Prediction of Post-Intubation Tachycardia Using Machine-Learning Modelsopen access
- Authors
- Kim, Hanna; Jeong, Young-Seob; Kang, Ah Reum; Jung, Woohyun; Chung, Yang Hoon; Koo, Bon Sung; Kim, Sang Hyun
- Issue Date
- Feb-2020
- Publisher
- MDPI
- Keywords
- tachycardia prediction; tracheal intubation; electronic medical record; vital sign; machine learning; clinical decision support
- Citation
- Applied Sciences-basel, v.10, no.3
- Journal Title
- Applied Sciences-basel
- Volume
- 10
- Number
- 3
- URI
- https://scholarworks.bwise.kr/sch/handle/2021.sw.sch/3125
- DOI
- 10.3390/app10031151
- ISSN
- 2076-3417
- Abstract
- Tachycardia is defined as a heart rate greater than 100 bpm for more than 1 min. Tachycardia often occurs after endotracheal intubation and can cause serious complication in patients with cardiovascular disease.

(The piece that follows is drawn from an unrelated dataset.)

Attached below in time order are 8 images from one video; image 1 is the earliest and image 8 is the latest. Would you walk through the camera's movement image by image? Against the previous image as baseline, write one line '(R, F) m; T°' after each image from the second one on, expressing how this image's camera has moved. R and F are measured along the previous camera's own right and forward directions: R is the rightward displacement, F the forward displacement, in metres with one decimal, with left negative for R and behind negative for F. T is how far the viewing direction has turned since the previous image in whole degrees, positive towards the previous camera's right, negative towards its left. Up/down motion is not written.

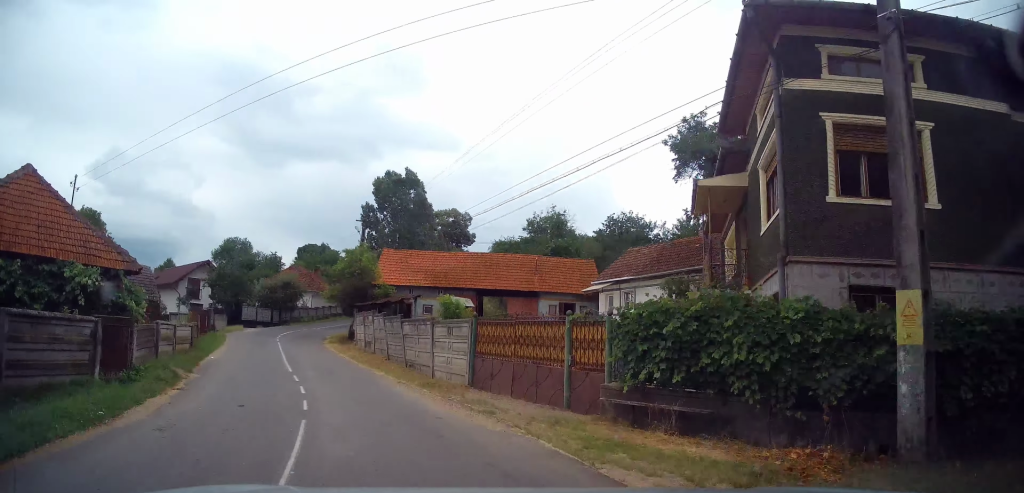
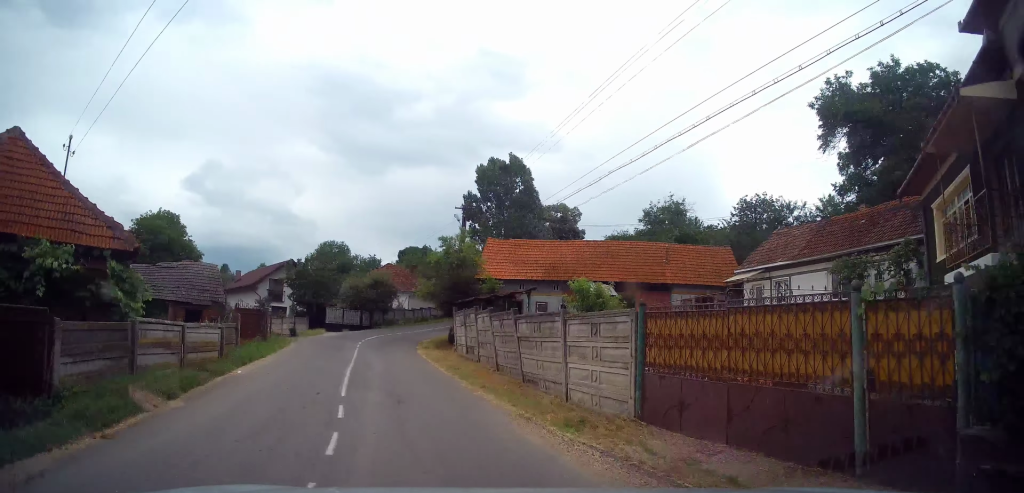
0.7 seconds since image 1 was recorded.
(-0.4, +4.8) m; -7°
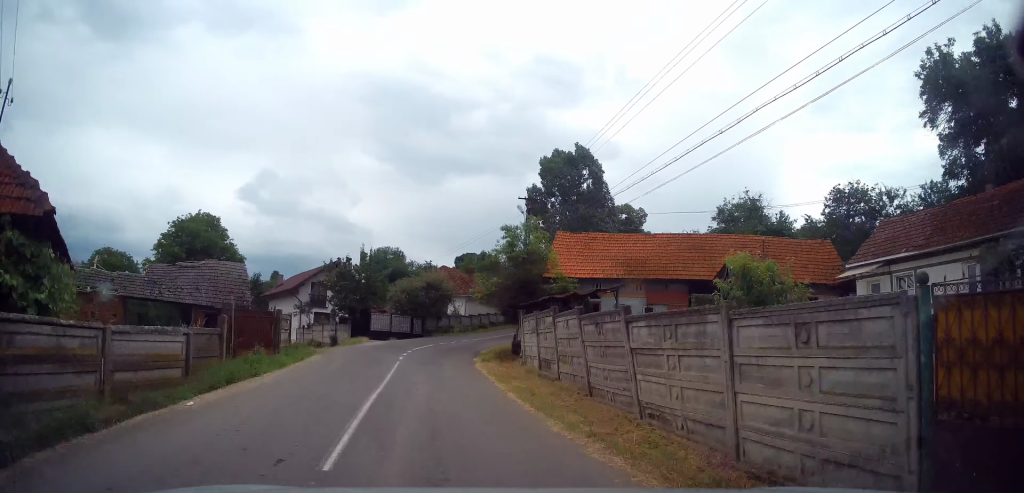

The ability to predict post-intubation tachycardia would help clinicians by notifying a potential event to pre-treat. In this paper, we predict the potential post-intubation tachycardia. Given electronic medical record and vital signs collected before tracheal intubation, we predict whether post-intubation tachycardia will occur within 10 min. Of 1931 available patient datasets, 257 remained after filtering those with inappropriate data such as outliers and inappropriate annotations. Three feature sets were designed using feature selection algorithms, and two additional feature sets were defined by statistical inspection or manual examination. The five feature sets were compared with various machine learning models such as naive Bayes classifiers, logistic regression, random forest, support vector machines, extreme gradient boosting, and artificial neural networks. Parameters of the models were optimized for each feature set. By 10-fold cross validation, we found that an logistic regression model with eight-dimensional hand-crafted features achieved an accuracy of 80.5%, recall of 85.1%, precision of 79.9%, an F1 score of 79.9%, and an area under the receiver operating characteristic curve of 0.85.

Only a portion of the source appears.